Pipeline order with the optimized mask:

geoprepare.extract_cells.run(cfg_geoprepare)   # writes per-cell parquets
geocif.cell_optimizer.run(cfg_geocif)          # writes optimized_mask.parquet
geoprepare.geoextract.run(cfg_geoprepare)      # reads optimized_mask.parquet

extract_EO aborts at startup with a missing-parquet list if use_optimized_mask = True for any country whose mask hasn't been produced yet — silent fallback to the floor/ceiling rule when the operator asked for the overlay would be a confusing footgun, so it doesn't.

Currently wired in process_aef, process_fldas, process_chirps_mfc, process_soilgrids (the static + monthly-forecast EO paths). The daily-EO path through geom_extract (NDVI, daily CHIRPS, ESI, etc.) is not yet wired — track via a future change in geoprepare.
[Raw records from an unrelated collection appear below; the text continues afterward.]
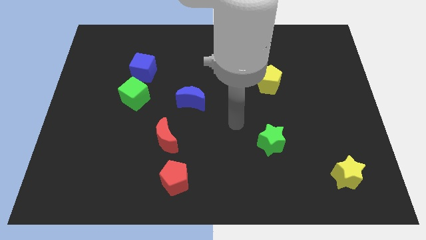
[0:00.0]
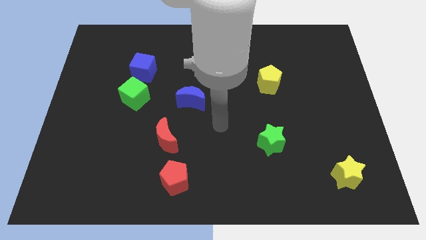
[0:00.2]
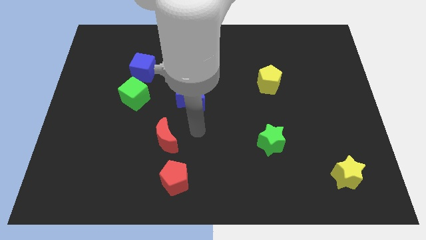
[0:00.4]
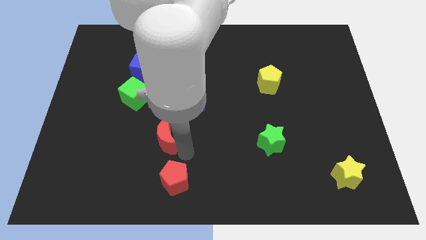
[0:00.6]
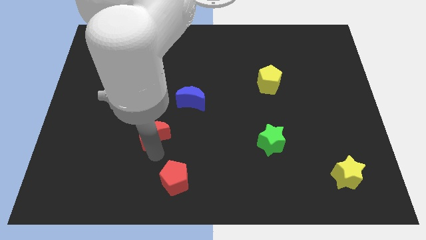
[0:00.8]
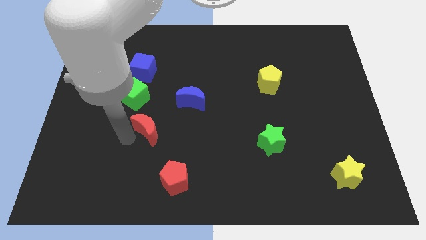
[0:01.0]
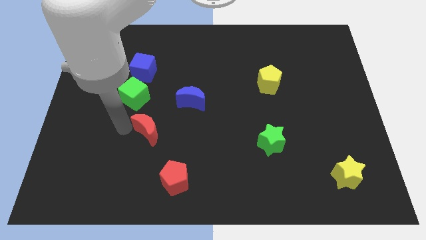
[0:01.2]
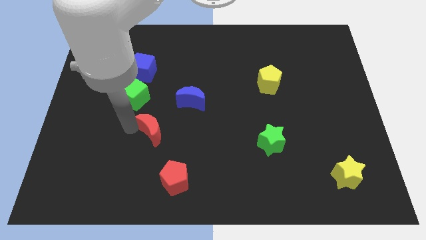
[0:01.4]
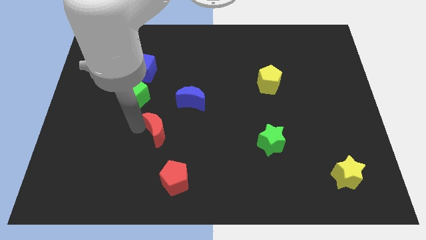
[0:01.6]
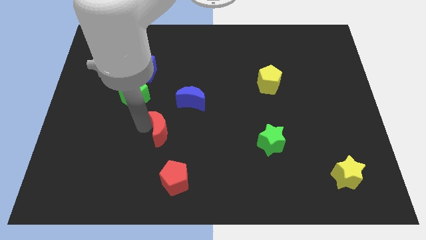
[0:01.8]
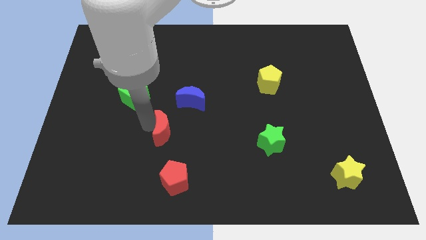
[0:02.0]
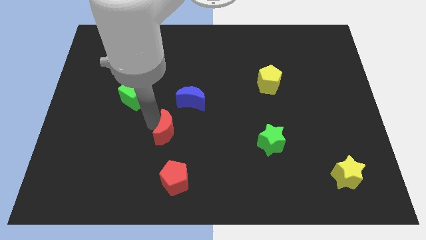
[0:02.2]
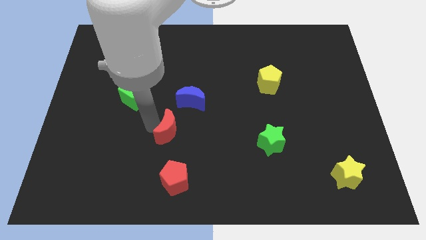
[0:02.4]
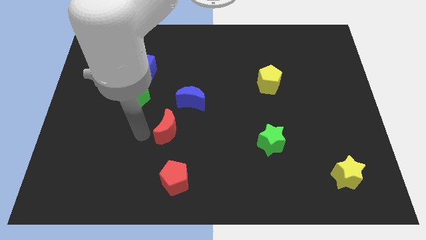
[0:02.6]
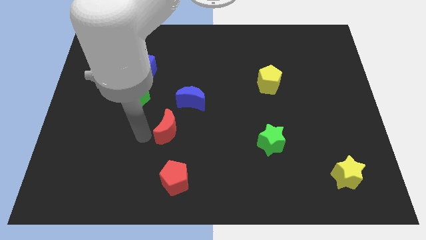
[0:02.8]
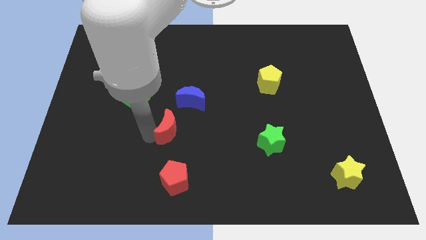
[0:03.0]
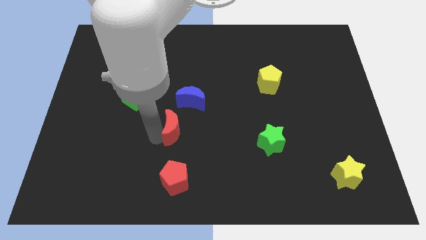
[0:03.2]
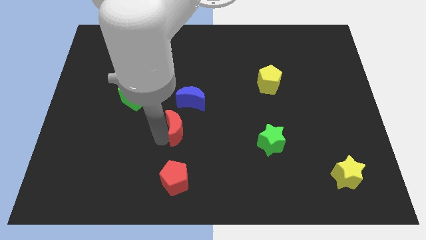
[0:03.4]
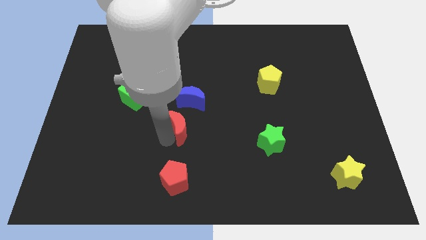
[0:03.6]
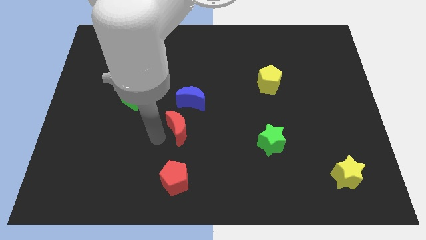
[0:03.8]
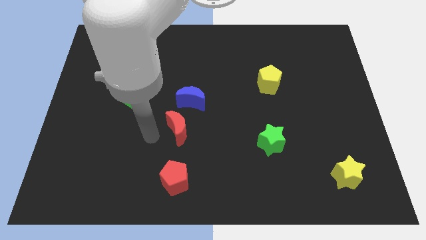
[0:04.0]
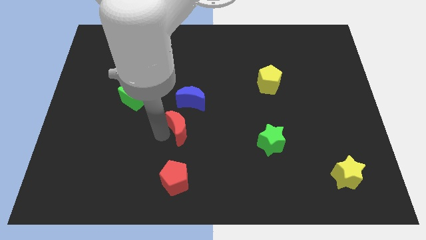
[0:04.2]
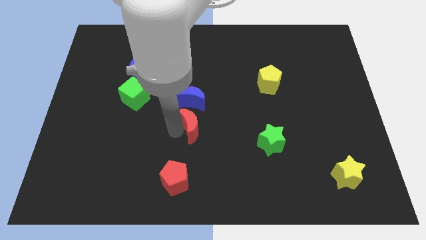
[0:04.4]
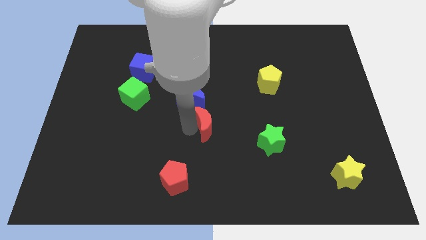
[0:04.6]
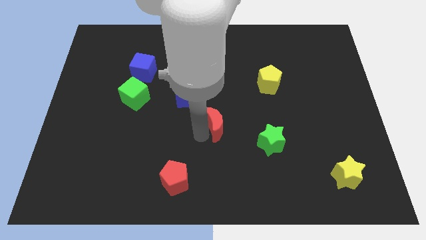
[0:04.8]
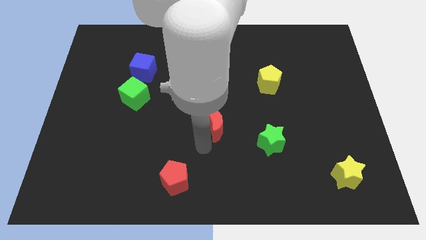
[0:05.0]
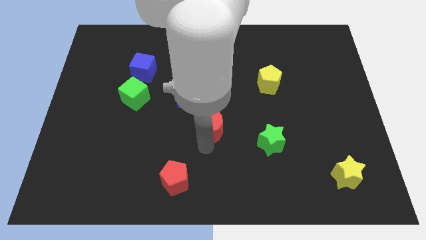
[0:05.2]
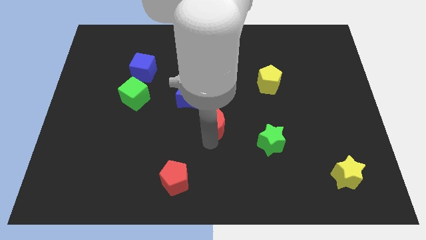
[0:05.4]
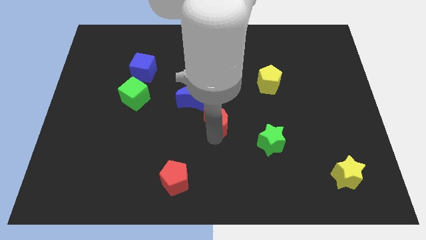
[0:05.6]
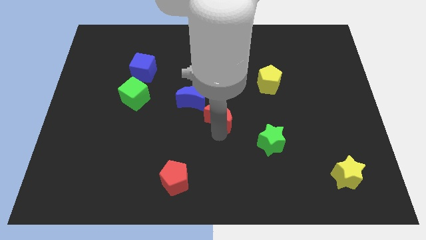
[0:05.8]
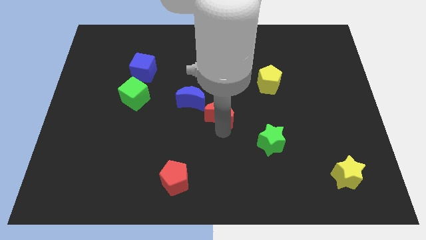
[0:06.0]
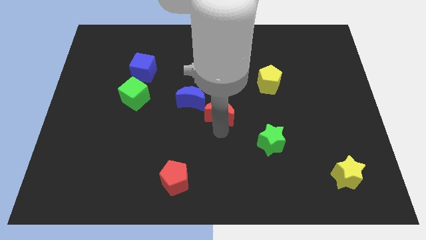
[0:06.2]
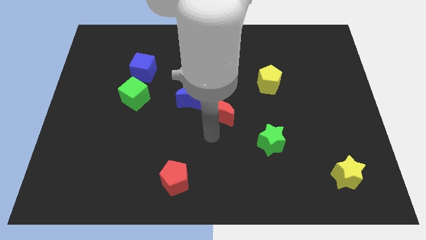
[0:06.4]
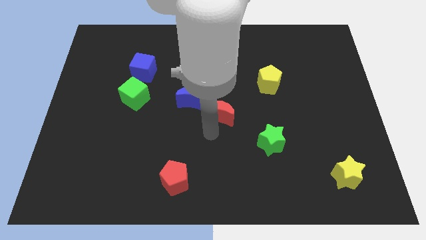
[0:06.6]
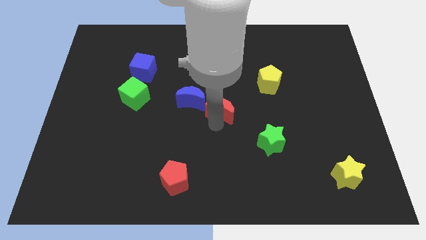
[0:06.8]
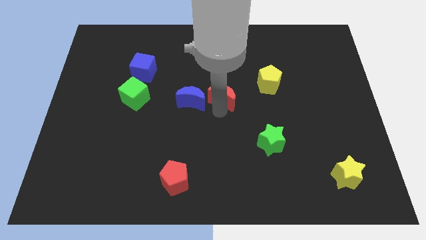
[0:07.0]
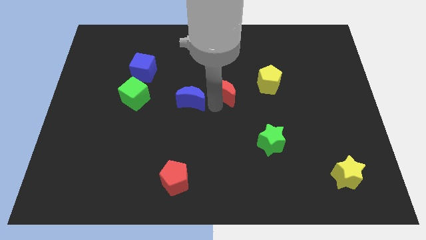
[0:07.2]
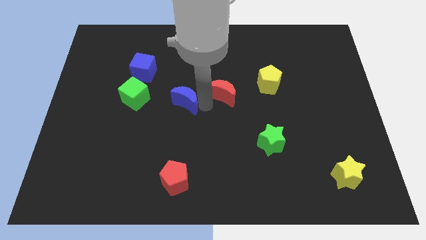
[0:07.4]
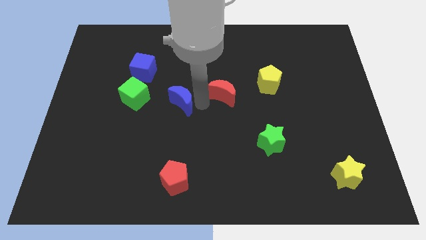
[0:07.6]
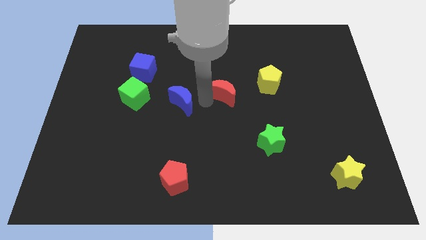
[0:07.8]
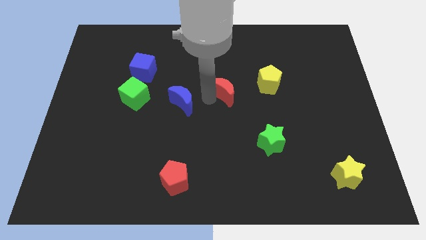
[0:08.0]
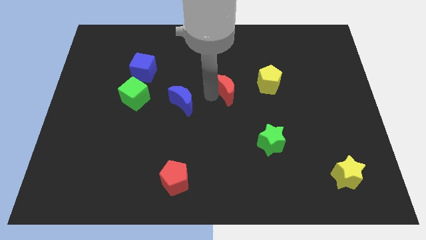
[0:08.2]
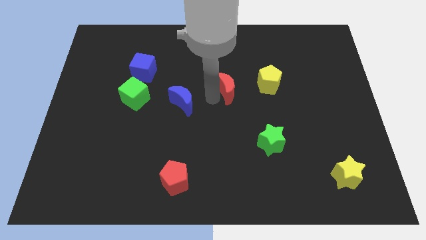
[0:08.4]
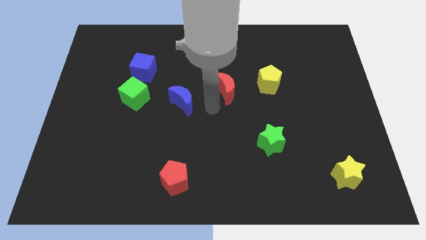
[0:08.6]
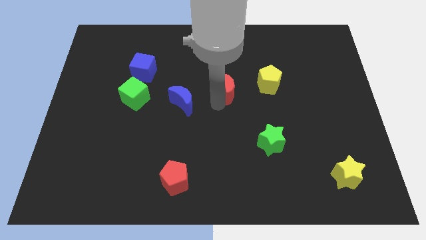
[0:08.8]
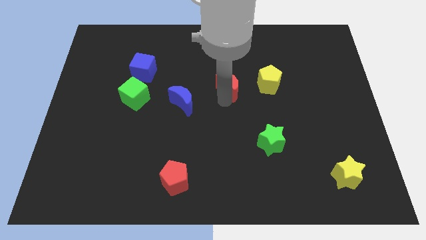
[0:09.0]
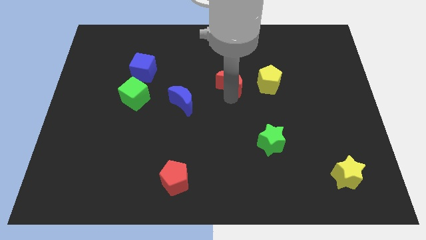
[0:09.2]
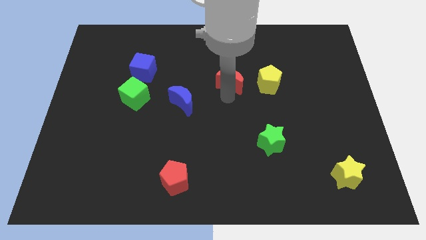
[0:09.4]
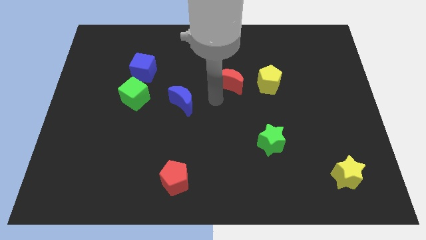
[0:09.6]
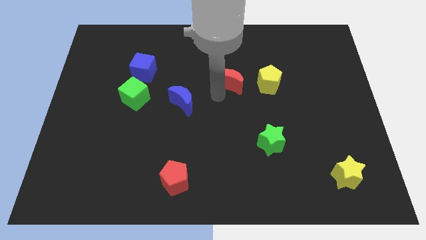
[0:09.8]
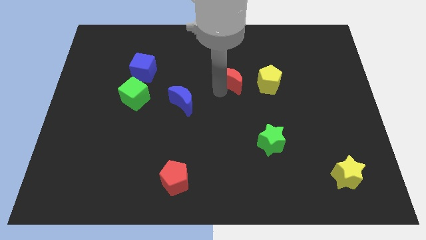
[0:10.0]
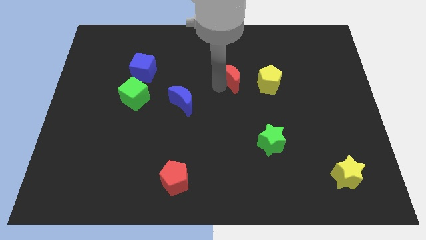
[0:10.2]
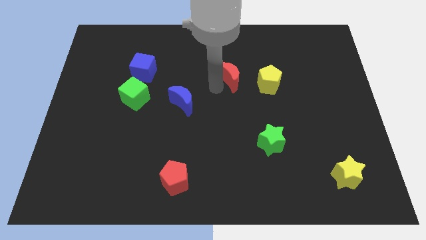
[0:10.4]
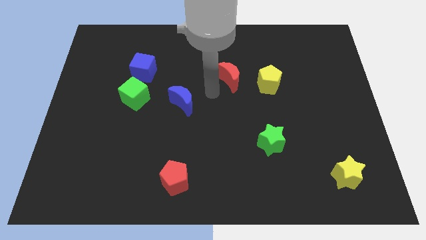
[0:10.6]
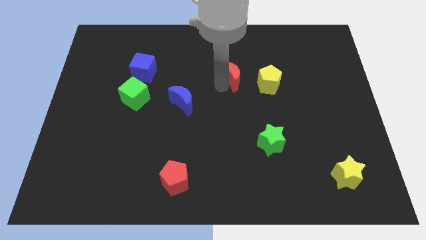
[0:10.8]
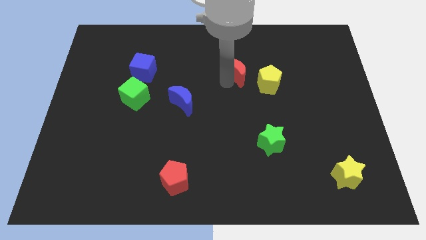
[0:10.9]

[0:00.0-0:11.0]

Annual (leave-one-out) masks

Enable annual_mask = True under [CELL_OPTIMIZER] in geocif.txt to produce one mask per historical year instead of a single pooled mask. For each year Y, the GA trains on every OTHER year — year Y's yield never sees the cell selection — and that mask is written to a _y{year}_optimized_mask.parquet file alongside the pooled one. geoprepare.extract_EO prefers the year-specific file when extracting year Y (FLDAS / CHIRPS-MFC, which are per-year datasets) and falls back to the pooled file for forecast / current years. AEF and SoilGrids (static) always use the pooled mask.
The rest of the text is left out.